» **Your goal**
Your answer must be an exact copy of the entries below, with no pictures in it.

» **Data extracts**

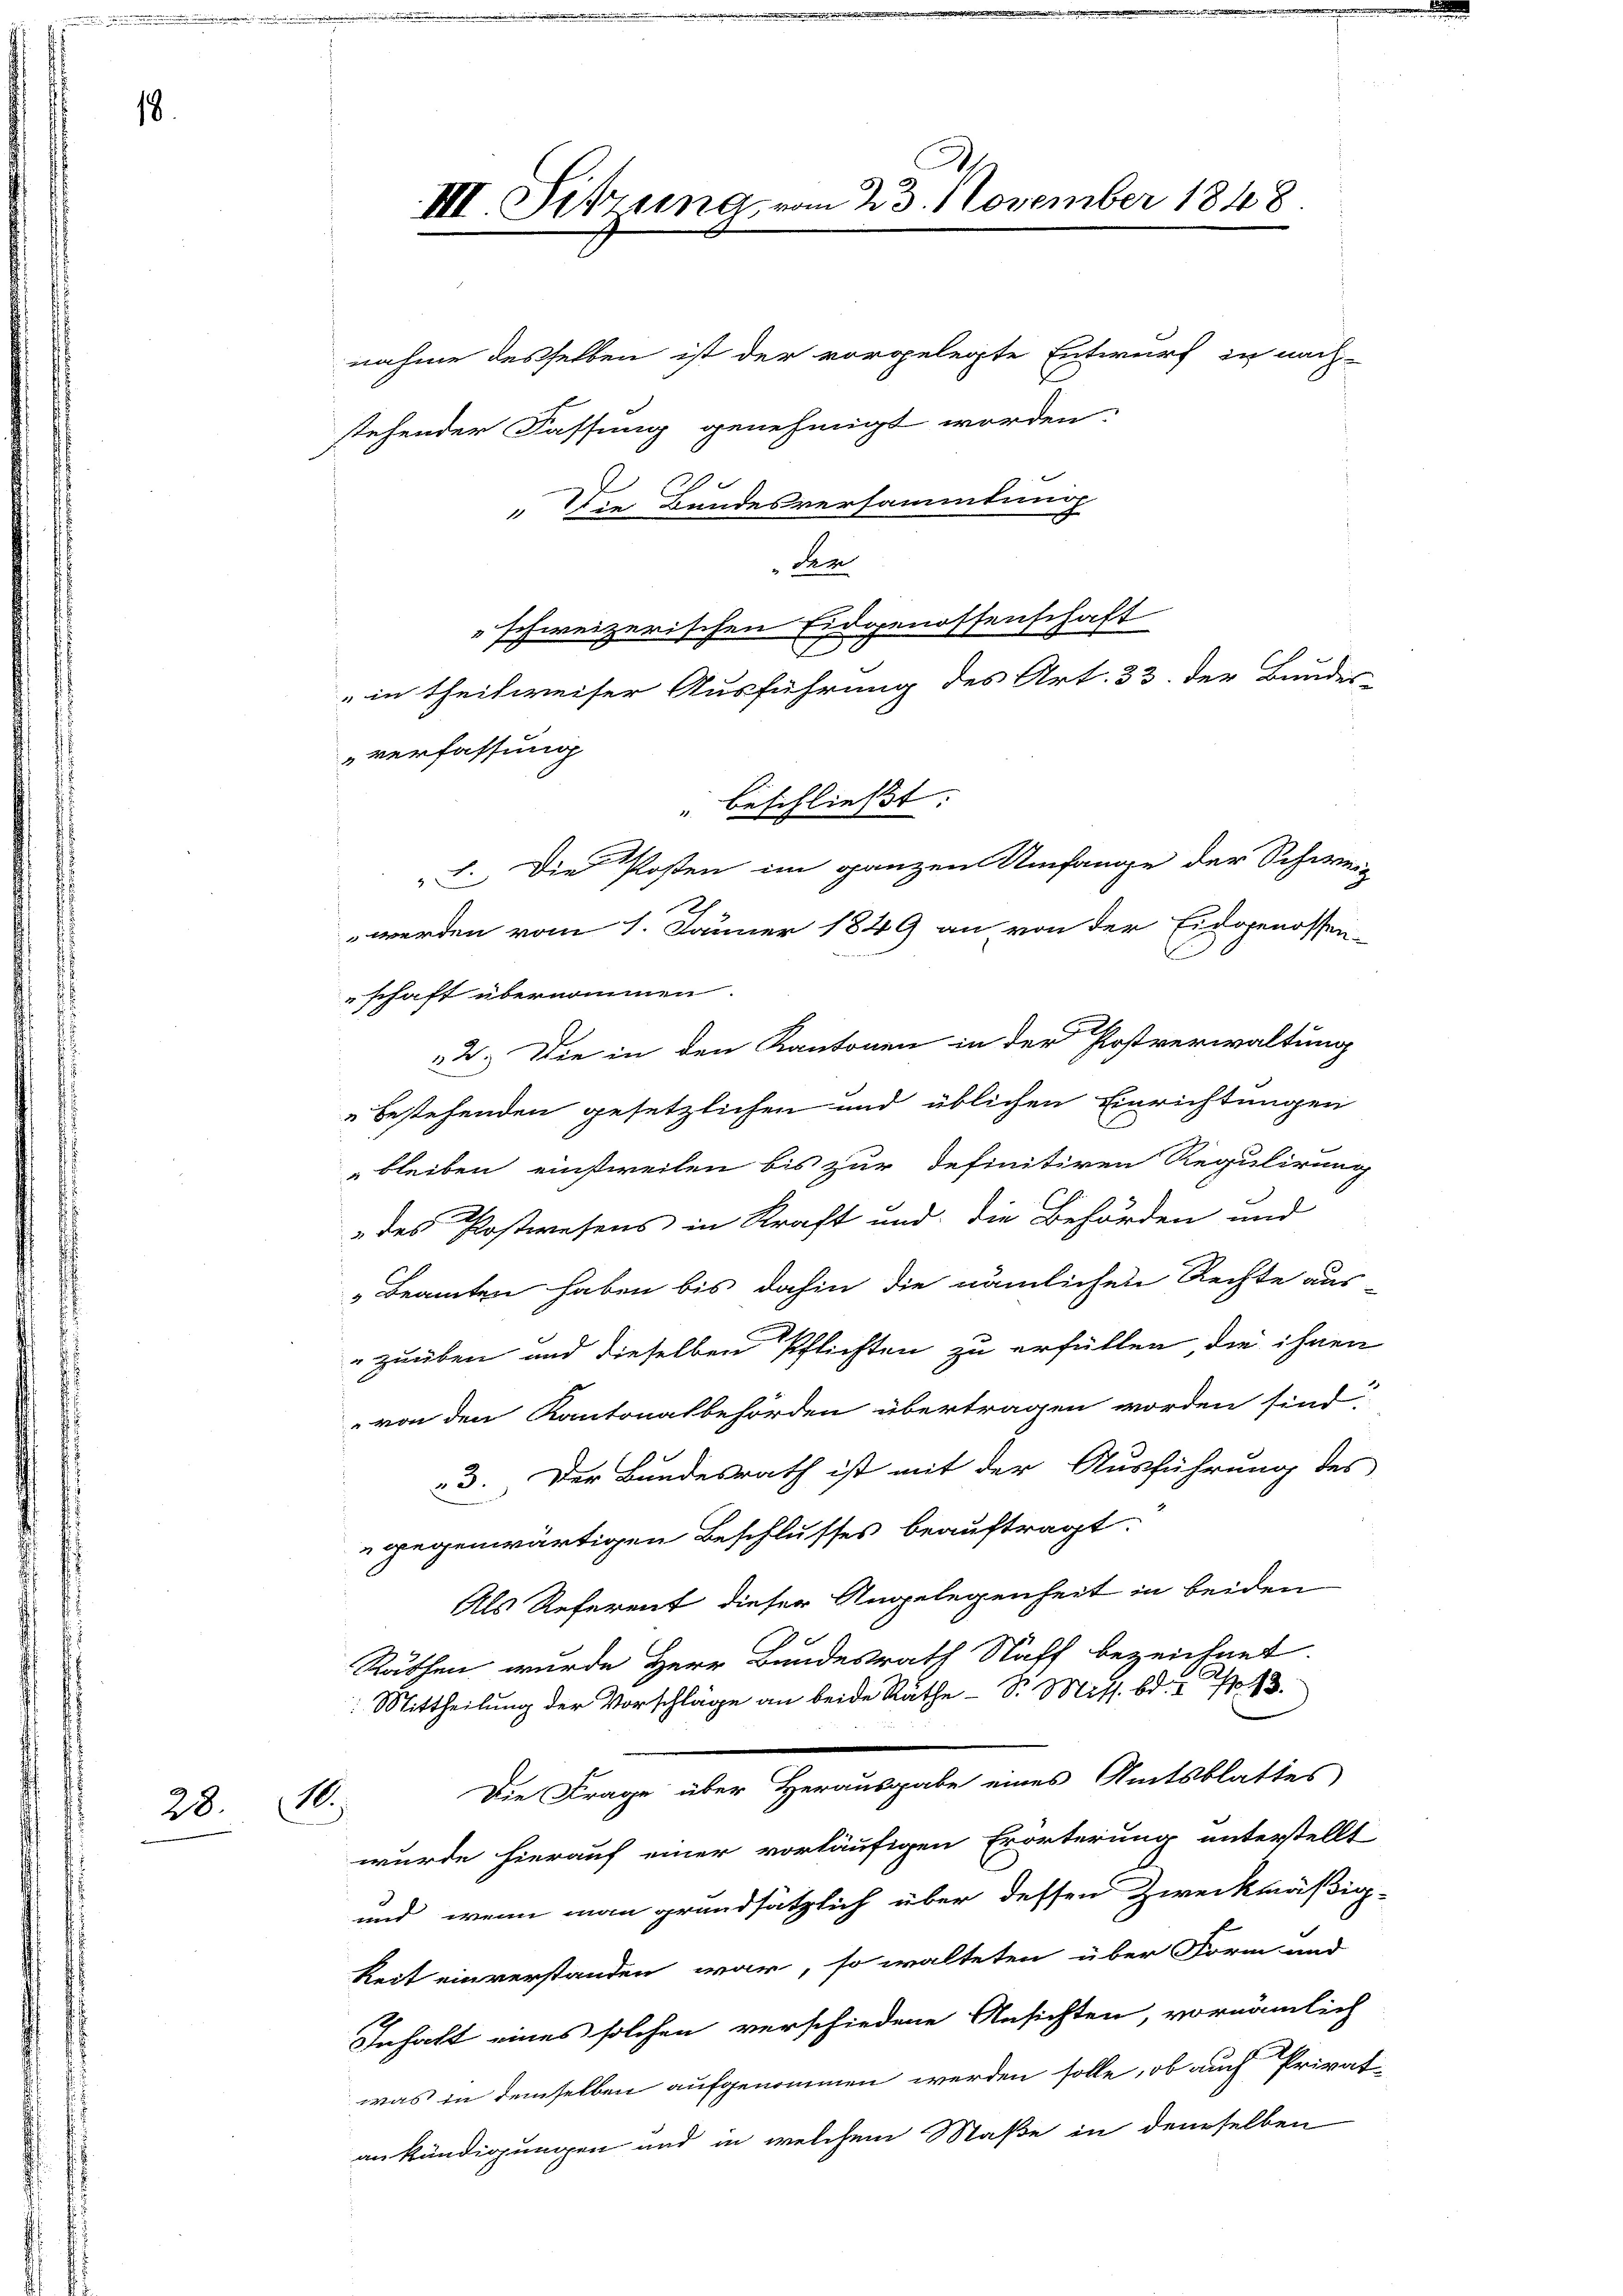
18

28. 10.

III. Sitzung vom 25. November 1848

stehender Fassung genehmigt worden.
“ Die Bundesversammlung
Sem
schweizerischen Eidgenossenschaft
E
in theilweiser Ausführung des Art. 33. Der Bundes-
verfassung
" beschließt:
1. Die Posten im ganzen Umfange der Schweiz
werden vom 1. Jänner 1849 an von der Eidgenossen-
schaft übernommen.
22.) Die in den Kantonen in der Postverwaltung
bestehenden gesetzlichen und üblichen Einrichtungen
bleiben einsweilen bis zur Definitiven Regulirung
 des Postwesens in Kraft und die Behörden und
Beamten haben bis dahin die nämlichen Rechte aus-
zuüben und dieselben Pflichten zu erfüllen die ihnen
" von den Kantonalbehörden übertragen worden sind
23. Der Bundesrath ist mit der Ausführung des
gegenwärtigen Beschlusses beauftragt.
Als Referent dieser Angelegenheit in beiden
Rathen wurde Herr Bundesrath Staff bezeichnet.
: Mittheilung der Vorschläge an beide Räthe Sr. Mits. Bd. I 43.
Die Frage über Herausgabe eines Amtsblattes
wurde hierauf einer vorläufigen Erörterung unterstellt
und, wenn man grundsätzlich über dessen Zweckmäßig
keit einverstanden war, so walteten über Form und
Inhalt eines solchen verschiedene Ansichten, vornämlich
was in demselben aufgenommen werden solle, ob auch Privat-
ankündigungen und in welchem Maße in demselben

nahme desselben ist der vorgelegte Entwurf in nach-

» **Written answer**
18

28. 10.

III. Sitzung vom 25. November 1848

stehender Fassung genehmigt worden.
“ Die Bundesversammlung
Sem
schweizerischen Eidgenossenschaft
E
in theilweiser Ausführung des Art. 33. Der Bundes-
verfassung
" beschließt:
1. Die Posten im ganzen Umfange der Schweiz
werden vom 1. Jänner 1849 an von der Eidgenossen-
schaft übernommen.
22.) Die in den Kantonen in der Postverwaltung
bestehenden gesetzlichen und üblichen Einrichtungen
bleiben einsweilen bis zur Definitiven Regulirung
 des Postwesens in Kraft und die Behörden und
Beamten haben bis dahin die nämlichen Rechte aus-
zuüben und dieselben Pflichten zu erfüllen die ihnen
" von den Kantonalbehörden übertragen worden sind
23. Der Bundesrath ist mit der Ausführung des
gegenwärtigen Beschlusses beauftragt.
Als Referent dieser Angelegenheit in beiden
Rathen wurde Herr Bundesrath Staff bezeichnet.
: Mittheilung der Vorschläge an beide Räthe Sr. Mits. Bd. I 43.
Die Frage über Herausgabe eines Amtsblattes
wurde hierauf einer vorläufigen Erörterung unterstellt
und, wenn man grundsätzlich über dessen Zweckmäßig
keit einverstanden war, so walteten über Form und
Inhalt eines solchen verschiedene Ansichten, vornämlich
was in demselben aufgenommen werden solle, ob auch Privat-
ankündigungen und in welchem Maße in demselben

nahme desselben ist der vorgelegte Entwurf in nach-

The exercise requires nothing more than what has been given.